Yinka Shonibare was born in London, England, on 9 August 1962, the son of Olatunji Shonibare and Laide Shonibare. When he was three years old, his family moved to Lagos, Nigeria, where his father practised law. When he was 17 years old, Shonibare returned to Britain to do his A-levels at Redrice School. At the age of 18, he contracted transverse myelitis, an inflammation of the spinal cord, which resulted in a long-term physical disability where one side of his body is paralysed.

Shonibare went on to study Fine Art first at Byam Shaw School of Art (now Central Saint Martins College of Art and Design) and then at Goldsmiths, University of London, where he received his MFA degree, graduating as part of the Young British Artists generation. Following his studies, Shonibare worked as an arts development officer for Shape Arts, an organisation that makes arts accessible to people with disabilities.
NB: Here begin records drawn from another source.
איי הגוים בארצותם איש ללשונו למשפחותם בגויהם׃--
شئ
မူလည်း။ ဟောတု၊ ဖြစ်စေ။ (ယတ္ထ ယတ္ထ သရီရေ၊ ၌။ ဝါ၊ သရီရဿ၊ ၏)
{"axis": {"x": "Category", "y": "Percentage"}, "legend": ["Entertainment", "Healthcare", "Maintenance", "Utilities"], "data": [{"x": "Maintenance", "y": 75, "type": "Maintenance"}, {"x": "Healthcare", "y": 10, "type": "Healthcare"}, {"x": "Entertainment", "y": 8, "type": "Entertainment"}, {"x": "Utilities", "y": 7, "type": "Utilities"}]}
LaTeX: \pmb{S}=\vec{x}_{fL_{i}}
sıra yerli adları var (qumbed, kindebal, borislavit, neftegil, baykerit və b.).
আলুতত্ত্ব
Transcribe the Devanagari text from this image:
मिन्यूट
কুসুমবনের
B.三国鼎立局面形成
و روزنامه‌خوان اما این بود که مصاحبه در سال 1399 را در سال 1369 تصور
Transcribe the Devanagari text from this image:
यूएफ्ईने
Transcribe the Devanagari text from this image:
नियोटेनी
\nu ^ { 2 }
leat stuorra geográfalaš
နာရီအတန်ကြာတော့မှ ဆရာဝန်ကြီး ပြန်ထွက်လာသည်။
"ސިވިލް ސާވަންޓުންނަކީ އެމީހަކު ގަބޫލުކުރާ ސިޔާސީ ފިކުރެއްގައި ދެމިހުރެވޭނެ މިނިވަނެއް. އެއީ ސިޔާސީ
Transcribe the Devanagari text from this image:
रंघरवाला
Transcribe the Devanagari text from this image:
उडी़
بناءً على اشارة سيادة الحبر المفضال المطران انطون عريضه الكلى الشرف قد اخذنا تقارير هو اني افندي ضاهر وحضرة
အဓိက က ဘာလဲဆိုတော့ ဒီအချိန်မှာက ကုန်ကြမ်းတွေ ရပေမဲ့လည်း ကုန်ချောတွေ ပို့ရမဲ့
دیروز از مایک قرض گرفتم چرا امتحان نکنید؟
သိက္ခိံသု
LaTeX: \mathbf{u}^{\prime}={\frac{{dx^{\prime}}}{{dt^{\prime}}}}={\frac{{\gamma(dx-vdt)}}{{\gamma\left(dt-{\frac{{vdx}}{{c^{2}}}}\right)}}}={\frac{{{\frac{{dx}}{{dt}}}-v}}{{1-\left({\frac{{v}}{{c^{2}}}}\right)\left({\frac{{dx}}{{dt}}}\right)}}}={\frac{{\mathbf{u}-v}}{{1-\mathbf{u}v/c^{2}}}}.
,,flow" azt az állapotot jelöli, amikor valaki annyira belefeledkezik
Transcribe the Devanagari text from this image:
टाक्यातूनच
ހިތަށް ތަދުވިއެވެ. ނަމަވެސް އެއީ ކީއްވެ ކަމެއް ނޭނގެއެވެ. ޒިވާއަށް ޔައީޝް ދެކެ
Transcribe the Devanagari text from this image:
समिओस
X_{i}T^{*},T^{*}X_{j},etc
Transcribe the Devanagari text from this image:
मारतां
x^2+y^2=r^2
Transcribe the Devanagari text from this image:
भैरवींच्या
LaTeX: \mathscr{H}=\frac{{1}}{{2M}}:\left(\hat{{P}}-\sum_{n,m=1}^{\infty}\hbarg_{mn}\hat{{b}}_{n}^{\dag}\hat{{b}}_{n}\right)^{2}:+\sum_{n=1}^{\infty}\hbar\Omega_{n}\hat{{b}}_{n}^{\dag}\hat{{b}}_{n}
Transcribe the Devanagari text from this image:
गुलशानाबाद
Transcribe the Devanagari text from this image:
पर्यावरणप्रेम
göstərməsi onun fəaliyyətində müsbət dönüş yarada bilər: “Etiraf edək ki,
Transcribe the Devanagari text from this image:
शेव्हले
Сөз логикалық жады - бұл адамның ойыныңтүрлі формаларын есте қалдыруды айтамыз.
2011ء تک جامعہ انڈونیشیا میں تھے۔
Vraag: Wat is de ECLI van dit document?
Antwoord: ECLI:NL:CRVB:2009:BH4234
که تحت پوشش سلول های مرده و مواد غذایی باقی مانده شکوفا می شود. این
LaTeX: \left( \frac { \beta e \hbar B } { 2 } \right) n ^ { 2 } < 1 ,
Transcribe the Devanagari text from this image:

In 1999, Shonibare created four alien-like sculptures that he named "Dysfunctional Family", the piece consisting of a mother and daughter, both coloured in textures of white and blue, and a father and son textured in the colours of red and yellow.

He has exhibited at the Venice Biennial and at leading museums worldwide. He was notably commissioned by Okwui Enwezor at documenta XI in 2002 to create his most recognised work, Gallantry and Criminal Conversation, which launched him on the international stage.

In 2004, he was shortlisted for the Turner Prize for his Double Dutch exhibition at the Museum Boijmans van Beuningen in Rotterdam and for his solo show at the Stephen Friedman Gallery, London. Of the four nominees, he seemed to be the most popular with the general public that year, with a BBC website poll resulting in 64 per cent of voters stating that his work was their favourite.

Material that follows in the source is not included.